Details on test conditions:

TEST CONDITIONS
- Composition of medium: mineral medium according to guidelne
- Test temperature: 22±1 °C
- Continuous darkness: yes
- pH: 7.3 - 7.8 (at the end of exposure)
- Other: Test solutions were stirred continuously.

TEST SYSTEM
- Culturing apparatus: Closed system oxygen consumption measuring apparatus (No. CM-067)
- Number of culture flasks/concentration: 2
- Details of trap for CO2 and volatile organics if used: Soda lime No.1 (for absorption of carbon dioxide, Wako Pure Chemical Industries)
SAMPLING
- Sampling frequency: O2 consumption was measured continuously.
- Sampling method: automatic measurement without specific sampling

Reference substance (positive control):

yes

Remarks:

benzoic acid, sodium salt

Duration:

14 d

Dose descriptor:

NOEC

Effect conc.:

100 mg/L

Nominal / measured:

nominal

Conc. based on:

test mat.

Basis for effect:

other: Result of toxicity control from ready biodegradability test

Results with reference substance (positive control):

The reference material (sodium benzoate) attained 99% degradation after 14 days

The toxicity control attained 34% degradation after 14 days of incubation.

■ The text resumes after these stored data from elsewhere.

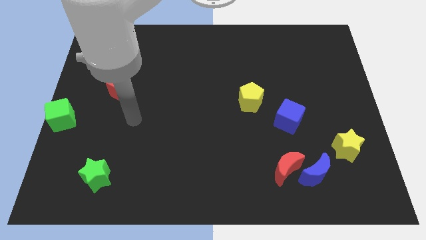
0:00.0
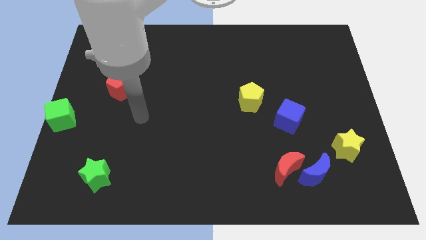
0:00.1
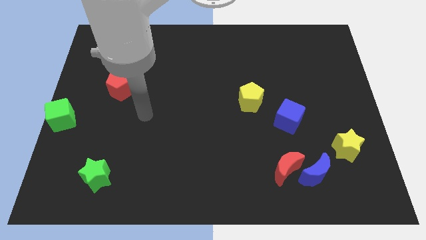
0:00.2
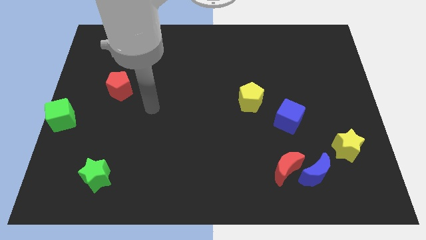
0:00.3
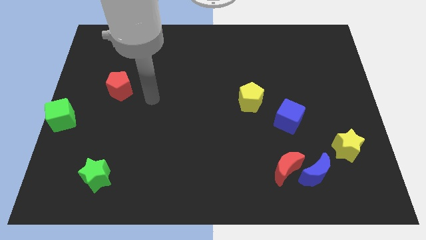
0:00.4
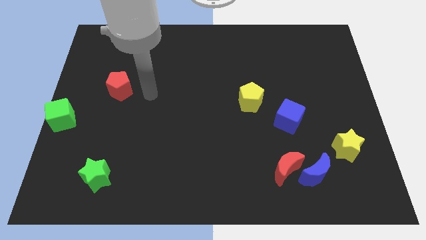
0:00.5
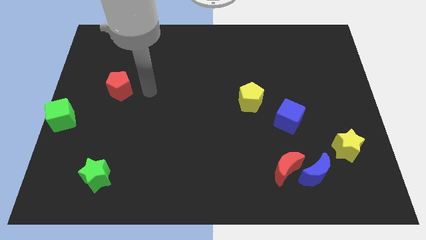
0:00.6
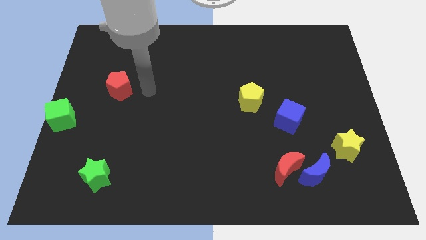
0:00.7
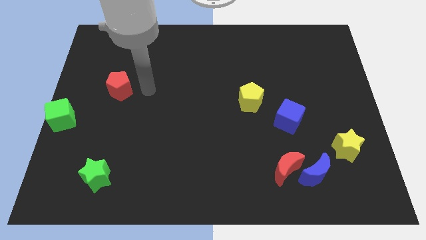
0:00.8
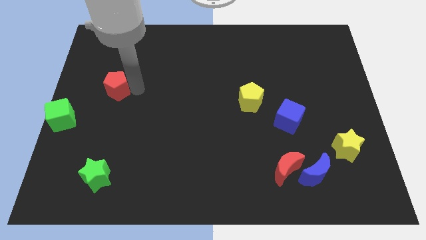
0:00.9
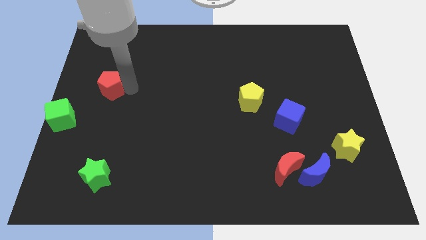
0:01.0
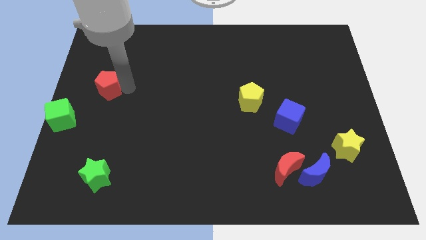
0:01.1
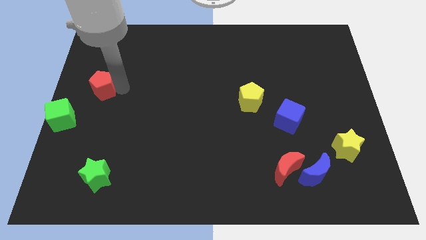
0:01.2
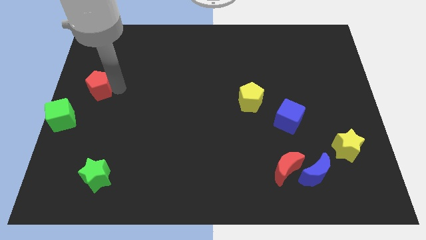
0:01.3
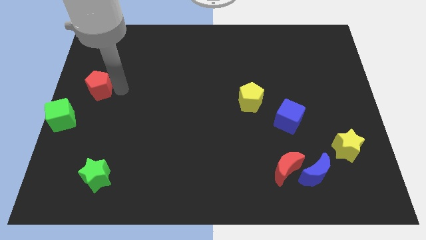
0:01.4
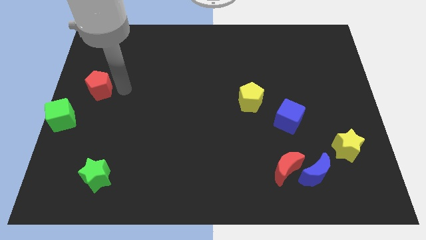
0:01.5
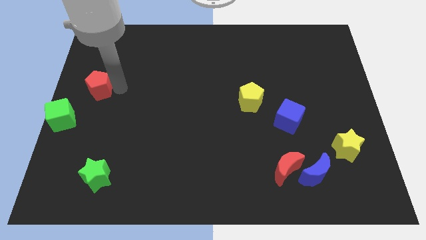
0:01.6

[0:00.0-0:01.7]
place the red pentagon diagonal to the green cube

 “If in  a toxicity test, containing both the test and reference substance, less than 35% degradation (based on total DOC) or less than 25% (based on total ThOD or ThCO2) occurred within 14 days, the test substance can be assumed to be inhibitory.”(OECD guideline 301)

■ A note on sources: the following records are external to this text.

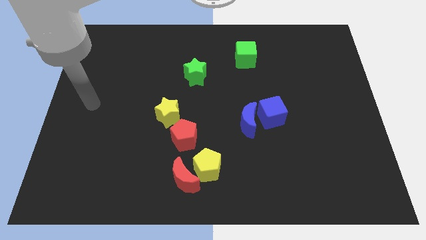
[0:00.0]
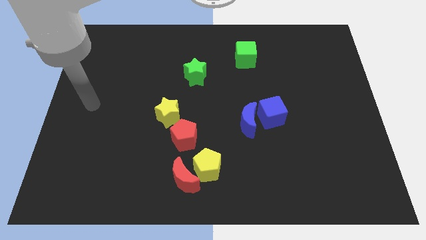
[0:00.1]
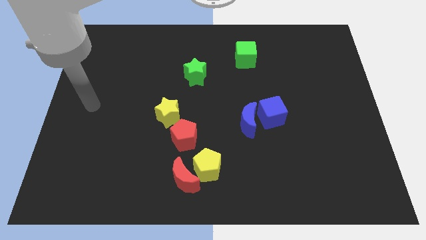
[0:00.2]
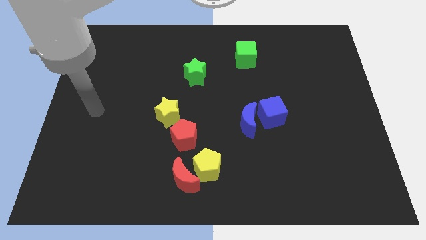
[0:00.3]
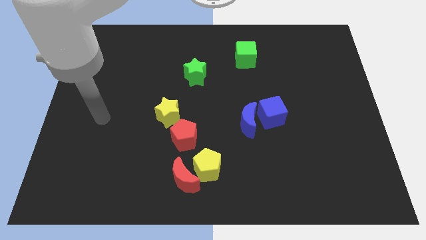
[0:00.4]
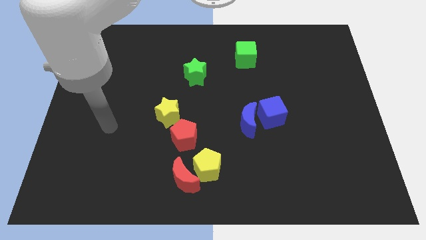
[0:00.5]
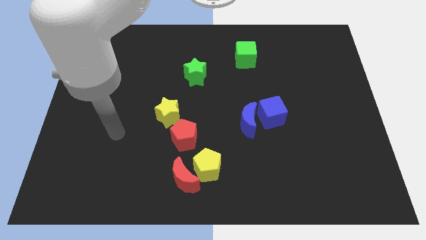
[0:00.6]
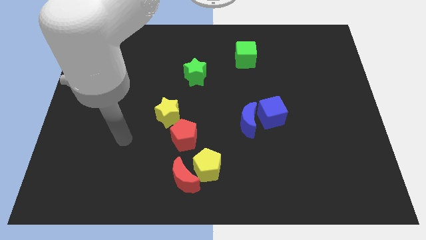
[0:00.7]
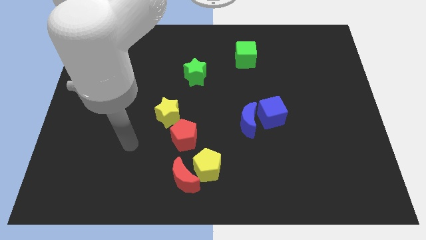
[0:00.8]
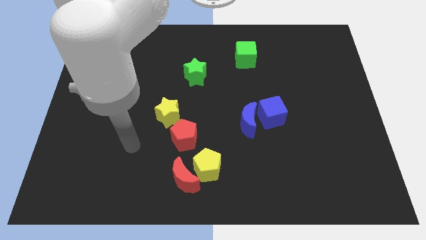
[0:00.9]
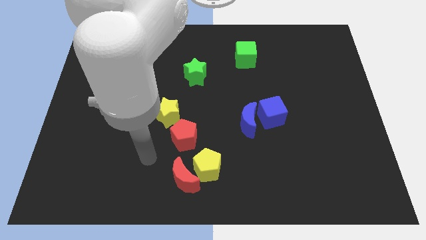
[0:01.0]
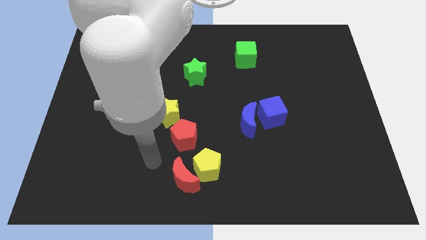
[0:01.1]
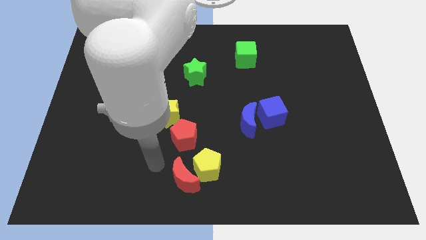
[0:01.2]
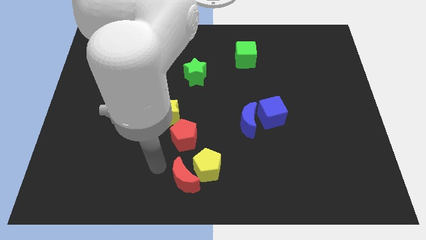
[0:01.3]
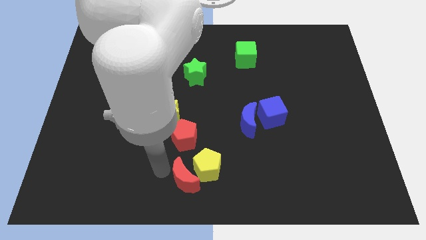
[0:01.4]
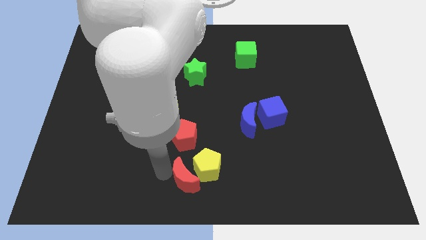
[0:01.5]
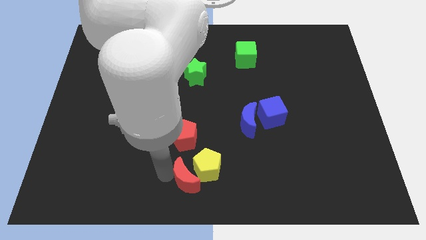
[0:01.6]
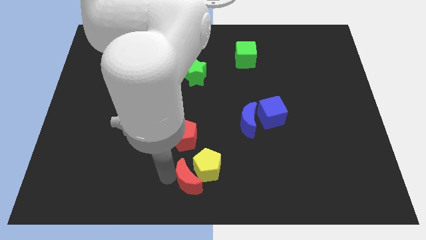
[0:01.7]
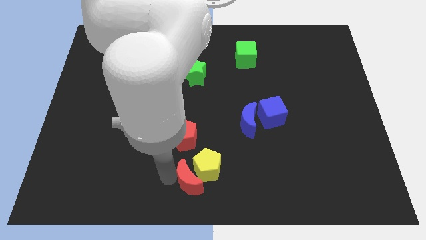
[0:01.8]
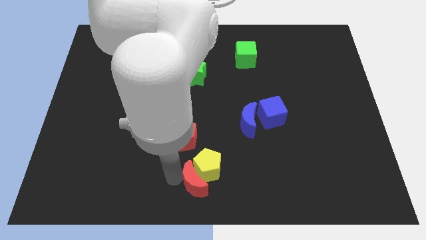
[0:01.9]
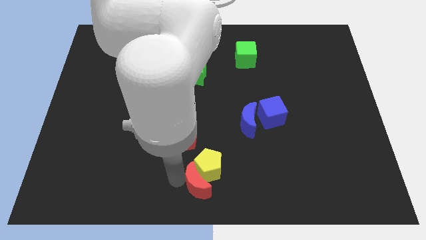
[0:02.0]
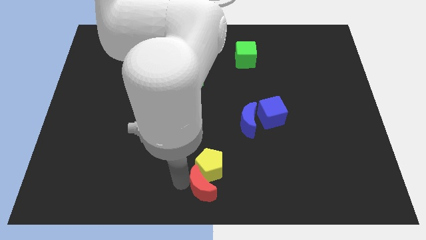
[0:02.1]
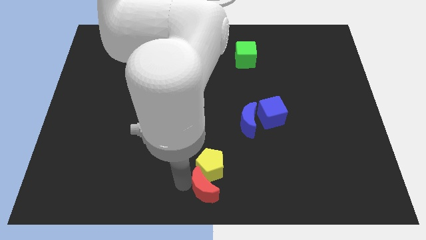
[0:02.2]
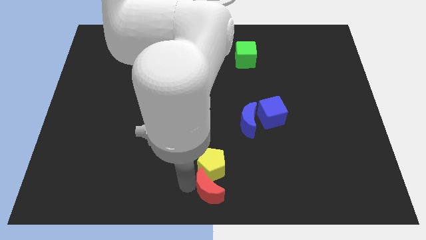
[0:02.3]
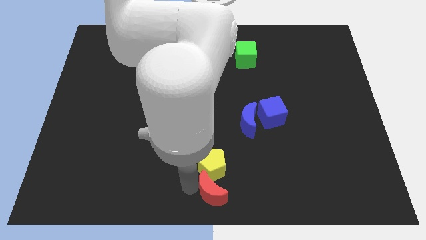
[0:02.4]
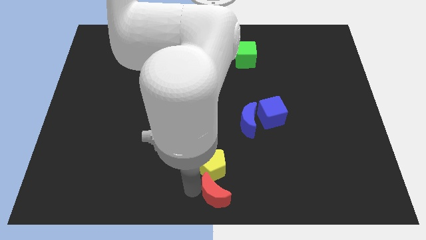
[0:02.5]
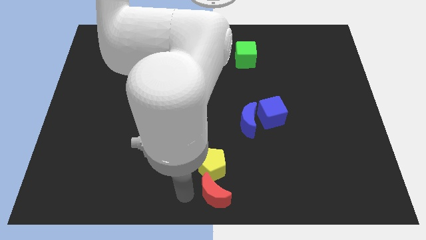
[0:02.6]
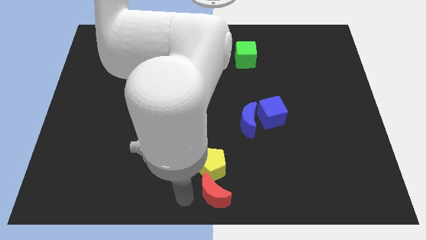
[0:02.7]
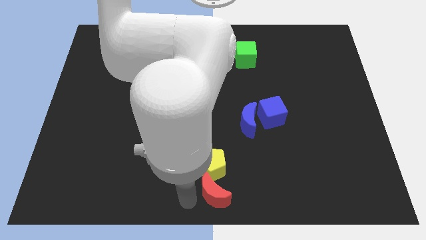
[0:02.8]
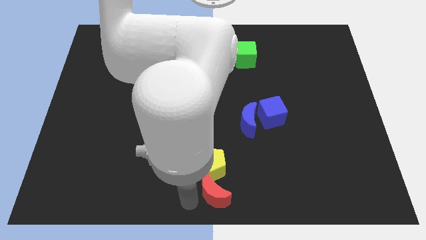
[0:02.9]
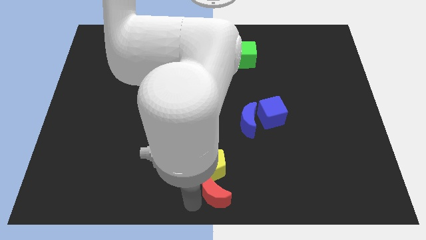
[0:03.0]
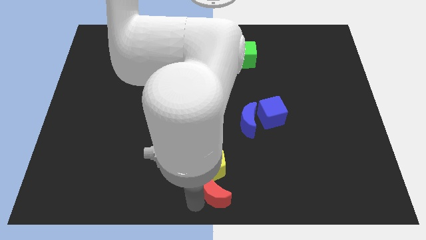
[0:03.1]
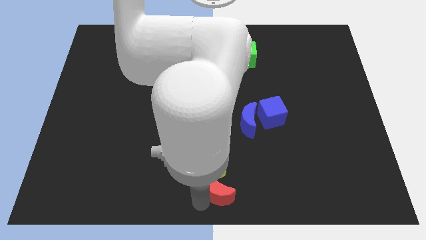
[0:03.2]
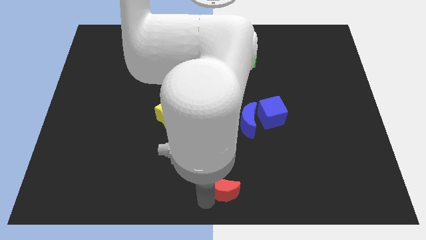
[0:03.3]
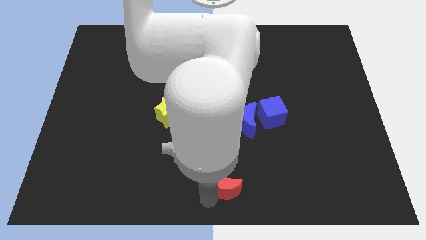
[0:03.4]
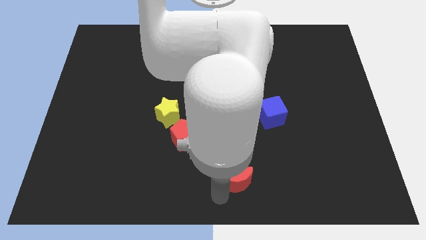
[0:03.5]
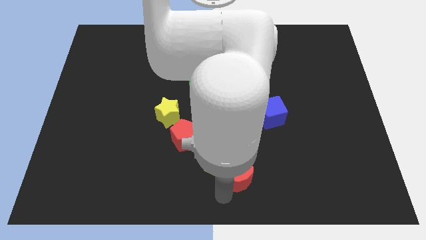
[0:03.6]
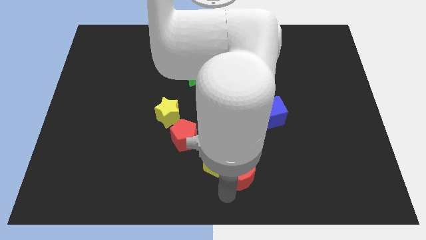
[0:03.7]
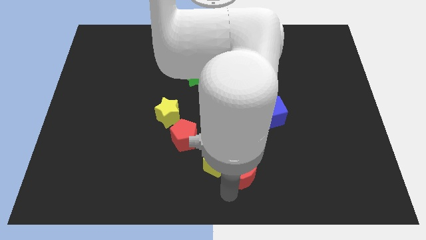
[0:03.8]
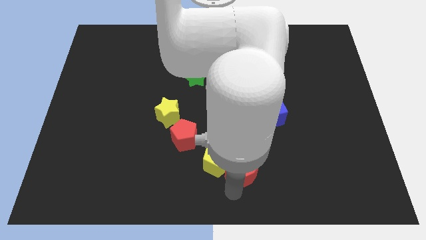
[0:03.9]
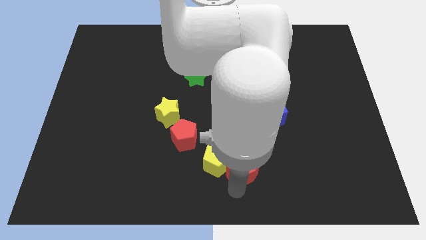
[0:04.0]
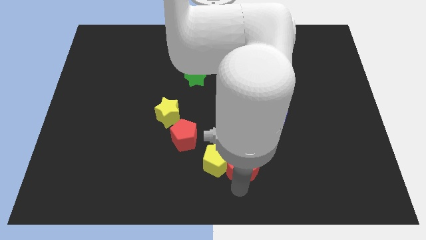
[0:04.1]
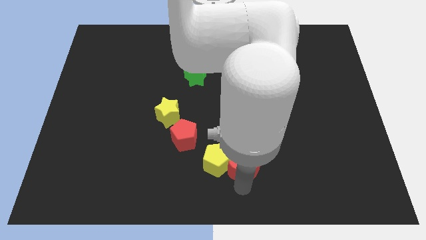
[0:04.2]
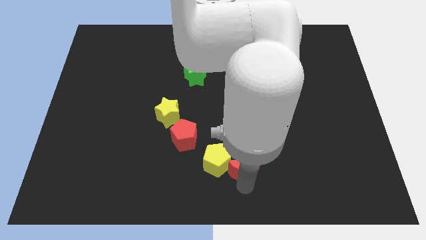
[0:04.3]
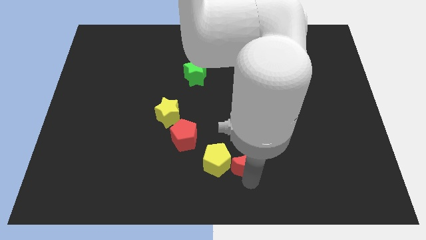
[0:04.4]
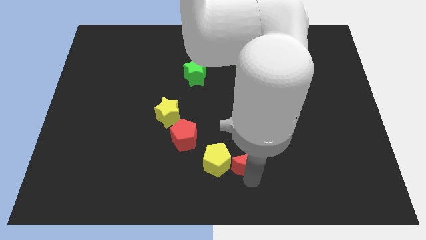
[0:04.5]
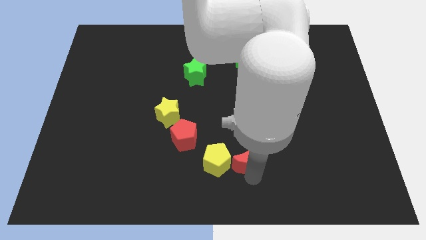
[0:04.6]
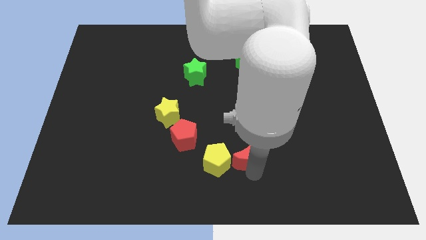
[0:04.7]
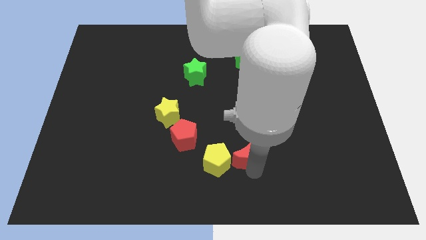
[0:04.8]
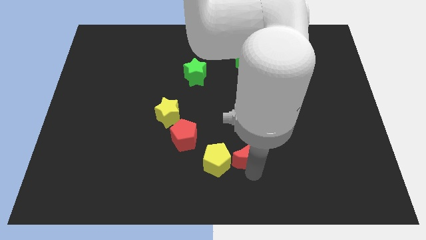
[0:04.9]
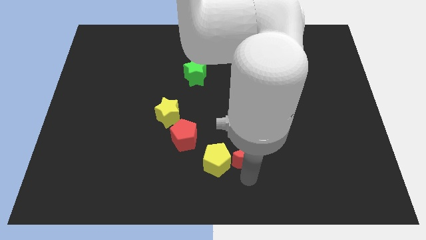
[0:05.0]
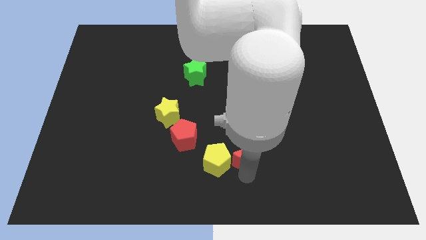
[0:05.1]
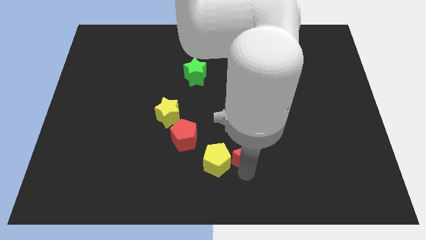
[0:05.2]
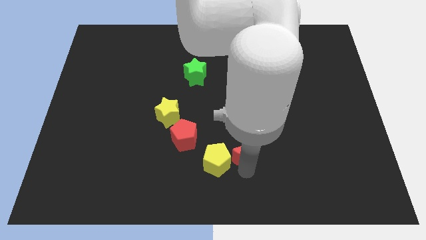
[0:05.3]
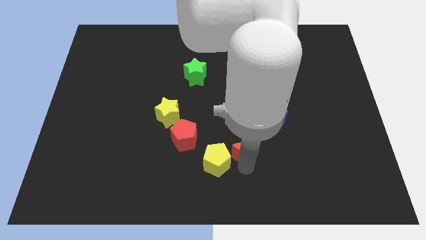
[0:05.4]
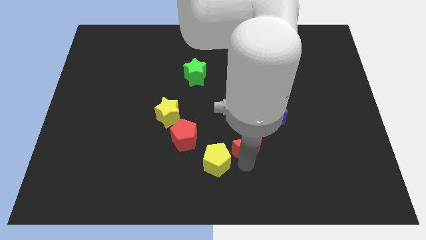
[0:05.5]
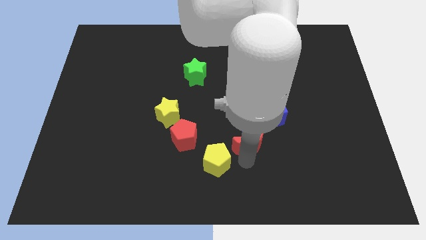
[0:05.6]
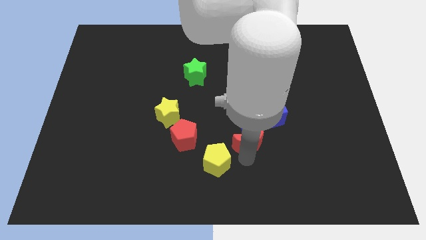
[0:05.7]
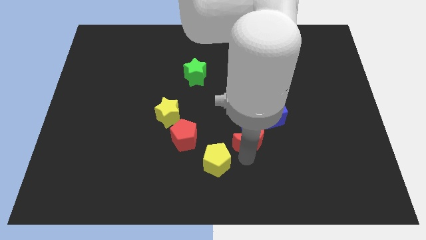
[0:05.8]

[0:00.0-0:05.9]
put the red moon towards the blue moon

Since more than 25% degradation occurred in the toxicity control, the substance is with high probability not toxic to aquatic microorganisms. The test item concentration in the toxicity control of 100 mg/L can be used as NOEC value for the toxicity to aquatic microorganisms.

 

Description of key information

NOEC (14 d): 100 mg/L (inhibition control, OECD 301F)

Key value for chemical safety assessment

Additional information

Experimental studies investigating the toxicity of the substance to aquatic microorganisms are not available. Therefore, the inhibition control of the available study on ready biodegradability was used to assess the toxicity to microorganisms. This approach is in accordance with the Guidance on information requirements and chemical safety assessment (Chapter R.7b: Endpoint specific guidance, ECHA 2017). Substances can be assessed as not inhibitory to aquatic microorganisms, if a biodegradation rate of > 25% based on oxygen demand (BOD/ThOD) is reached within 14 days in the inhibition control of a ready biodegradation test (OECD guideline 301). In the available ready biodegradation test on Sorbitan tridocosanoate, following OECD guideline 301F, the inhibition control contained 100 mg/L of the test sample and of sodium benzoate, respectively. A degradation rate of 34% based on O2 consumption was determined after 14 days of incubation. The reported results indicate no inhibitory effects of the substance on aquatic microorganisms and the test item concentration of 100 mg/L is used as NOEC.